Daesh, for all its brutality, never claimed to exterminate all non-Sunnis; their approach was more about subjugation than genocide.
Yet Saraya Ansar al-Sunnah seems to revel in a genocidal fantasy, setting it apart in a way that raises questions about its true motives.
I’ve spent hours since Sunday scouring available sources, and I’m skeptical of claims—often from Iran-backed research—that their leader, Abu Aisha al-Shami (possibly named Khalil, though unconfirmed), defected from Hay’at Tahrir al-Sham (HTS) in February.
I couldn’t find a shred of evidence linking him to HTS, which makes me wonder if this narrative is a convenient distraction.
As the group’s founder, al-Shami has overseen a rapid rise marked by violent debuts, including the killing of 12 Alawites in Arzah and five former Ba’athist security members in Tell Dahab on the day of its formation.
The massacre in Arzeh, Hama, in February 2025, where at least 15 civilians died, and later attacks like the assassinations in Homs and Aleppo on May 9, 2025, plus forest fires in Qardaha targeting Alawites, paint a picture of a group thriving on chaos.

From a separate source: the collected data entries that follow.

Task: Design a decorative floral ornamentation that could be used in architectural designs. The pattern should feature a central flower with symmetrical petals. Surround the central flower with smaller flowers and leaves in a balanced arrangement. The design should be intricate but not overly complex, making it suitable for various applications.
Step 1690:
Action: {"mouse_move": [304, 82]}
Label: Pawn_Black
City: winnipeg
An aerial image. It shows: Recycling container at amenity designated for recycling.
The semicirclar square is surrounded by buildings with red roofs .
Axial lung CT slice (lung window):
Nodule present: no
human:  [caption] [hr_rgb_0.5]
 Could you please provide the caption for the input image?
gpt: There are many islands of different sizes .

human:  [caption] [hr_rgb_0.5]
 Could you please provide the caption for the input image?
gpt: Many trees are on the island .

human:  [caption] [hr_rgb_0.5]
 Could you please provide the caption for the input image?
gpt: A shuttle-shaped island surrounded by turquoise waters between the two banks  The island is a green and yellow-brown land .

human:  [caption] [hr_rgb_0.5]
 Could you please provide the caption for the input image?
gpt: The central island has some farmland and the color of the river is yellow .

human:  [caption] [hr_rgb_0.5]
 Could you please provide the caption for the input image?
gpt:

Their decentralized “lone wolf squads” of 5 to 12 members suggest agility, but also a lack of centralized control that could hint at external influences—or vulnerabilities.
Al-Hol Connection and SDF’s failure
What troubles me most is the growing evidence tying this group to Al-Hol camp, a sprawling detention facility controlled by the Syrian Democratic Forces (SDF), a Kurdish-led alliance with ties to the PKK.
Reports from the Syrian Ministry of Interior reveal that the cell leader behind the Damascus attack, Mohammad Abdelillah al-Jumaili—a so-called former Daesh “governor of the desert”—recruited non-Syrian extremists from Al-Hol to carry out the church bombing and a thwarted attack on the Sayyida Zainab shrine.
These individuals infiltrated Damascus from the camp, exploiting a post-liberation security vacuum with al-Jumaili’s help.
The U.S. Department of State’s 2023 terrorism report flags Al-Hol as a hotbed for Daesh sympathizers, and my research suggests it’s become a breeding ground for groups like Saraya Ansar al-Sunnah, whether through direct recruitment or shared radical networks.
I can’t help but see the SDF’s fingerprints on this disaster. Their inability to secure Al-Hol—allowing terrorists to slip out and wreak havoc in Damascus—raises serious questions.
The camp’s conditions, marked by overcrowding and radicalization, seem to have turned it into a launchpad for extremism, indirectly feeding groups that thrive on sectarian violence.
While I don’t have definitive proof of a formal proxy relationship between Saraya Ansar al-Sunnah and the SDF or PKK, the camp’s role under SDF control suggests a troubling link that can’t be ignored.
The SDF’s decentralized approach, mirroring the tactics of groups it opposes, might be fueling the very chaos it claims to combat.
Call for responsibility
This brings me to my core concern: the SDF can no longer, and should no longer, bear the burden of managing extremist prisoners and camps like Al-Hol. The international community, particularly the United States, which has backed the SDF, must step in.
The camp’s security failures—highlighted by the Damascus attack—show that a regional militia, no matter how well-intentioned, lacks the resources and oversight to handle such a volatile population.
The recent arrests of al-Jumaili and his network, while a step forward, expose the reactive nature of current efforts. We need a coordinated, multinational strategy to relocate and rehabilitate these detainees, stripping the SDF of a responsibility it’s clearly unequipped to handle.
Saraya Ansar al-Sunnah’s rise, fueled by recruits from Al-Hol, underscores the urgent need for change.
Whether it’s a proxy or an opportunistic offshoot, its actions threaten Syria’s fragile stability. I believe the SDF’s continued control over such camps is a recipe for more tragedy, and it’s time for a bold rethink—before the next attack hits closer to home.